What does getint (int *) mean?

Question

getint (int *);   

I am not really sure what does getint (int *) mean? Can someone explain this?

Answer 1

This is a function prototype declaring the function getint() . The function takes as pointer to an int as a parameter.

When prototyping a function it is not necessary to specify the parameters' names.

The prototype is missing a return type, which for C then defaults to int . Omiting a return type however is violating the recent C standard, so code doing so could be considered invalid.

An equivalent to

getint(int *);

though would be

int getint(int * pi); 

Answer 2

TL;DR getint (int *); is a forward declaration for a function, in a very bad programming style. Without any explicit return type, it will default to int .

The recommended way to write is is to specify the return type explicitly, like

• if int , like

   int getint(int *); //yes, omitting the identifier name is correct, see note below 

  or,

   int getint(int * outVar); //we can have the name, if we want. 

• if void , like

   void getint(int *); 

  or,

   void getint(int * outVar); 

or any return type you want.

---

NOTE:

Just for further reference, from C11 , chapter §6.7.6.3, Function declarators , (emphasis mine)

If, in the declaration 'T D1' , D1 has the form

 D( parameter-type-list ) 

...

A parameter type list specifies the types of, and may declare identifiers for, the parameters of the function.

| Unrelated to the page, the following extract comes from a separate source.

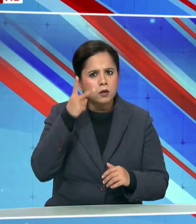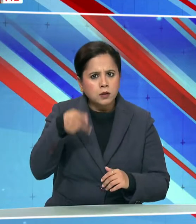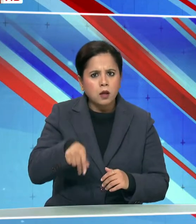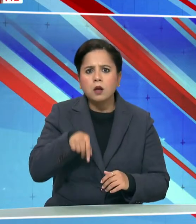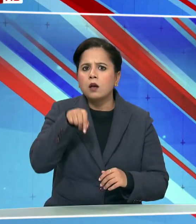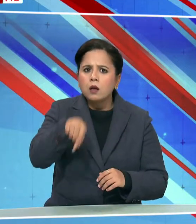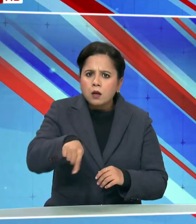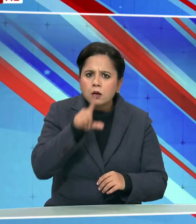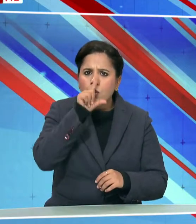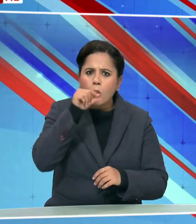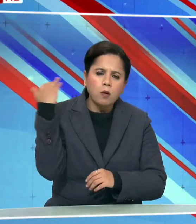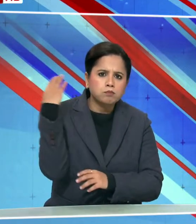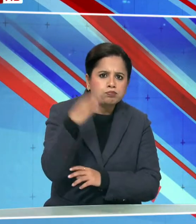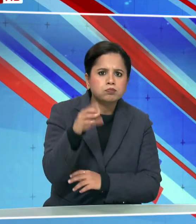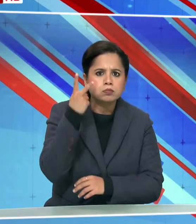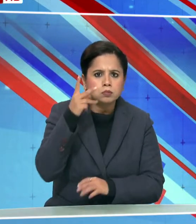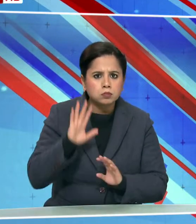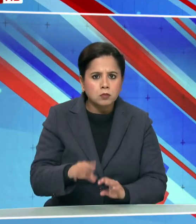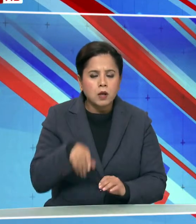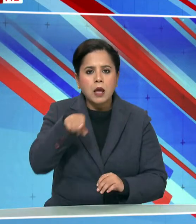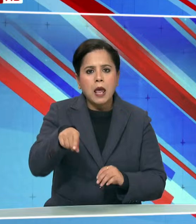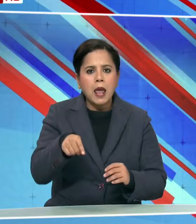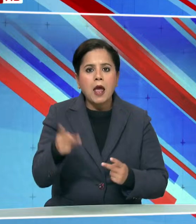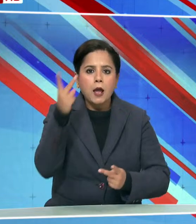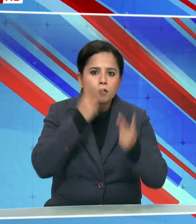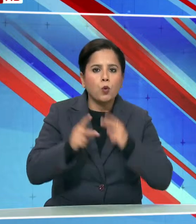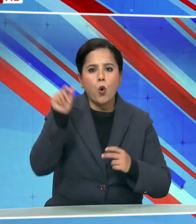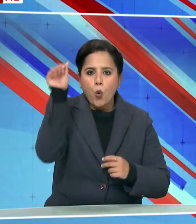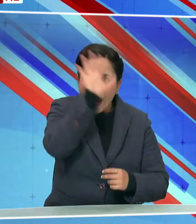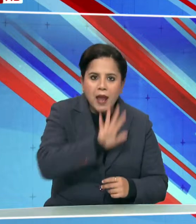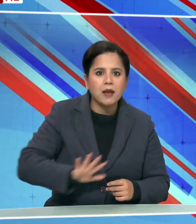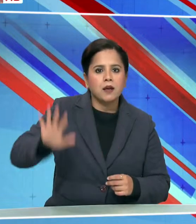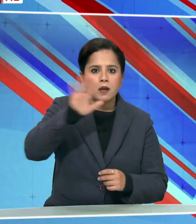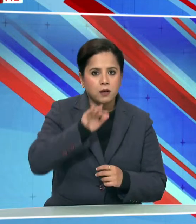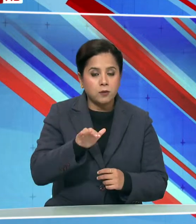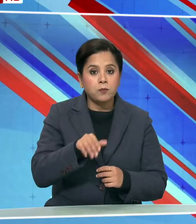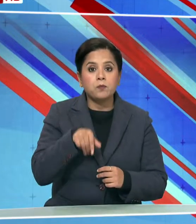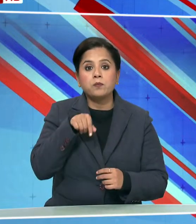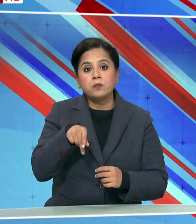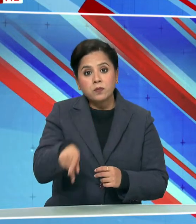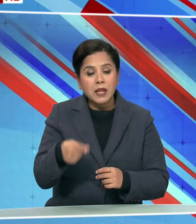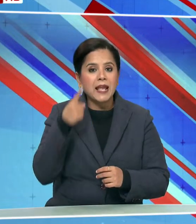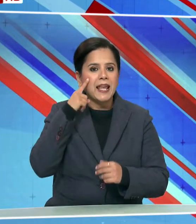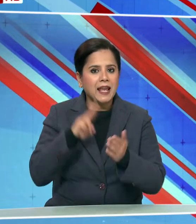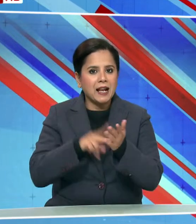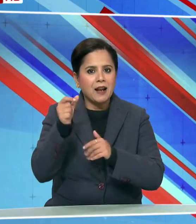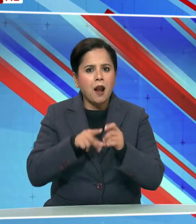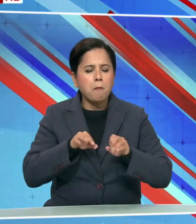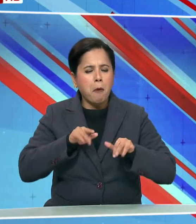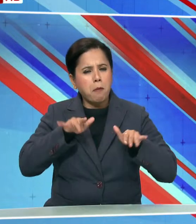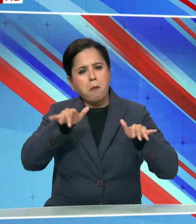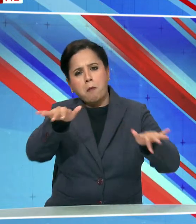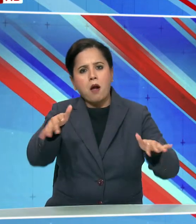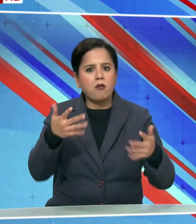सोशल मीडिया प्लैटफॉर्म एक्षपर एक्षप्लोर इंडिया अना इंलैंच ट्रेंड करने लगा

So, the identifier name is optional.

Answer 3

The code is not valid C. If it compiles, consider upgrading to a compiler which is not older than 15 years.

History lesson:

In older, obsolete versions of the C standard you were allowed to omit the return type when writing a function declaration, in which case getint(int *); would mean the same thing as int getint(int *); , because if you specified no return type it would default to int . It was however bad practice to do so even back in 1990.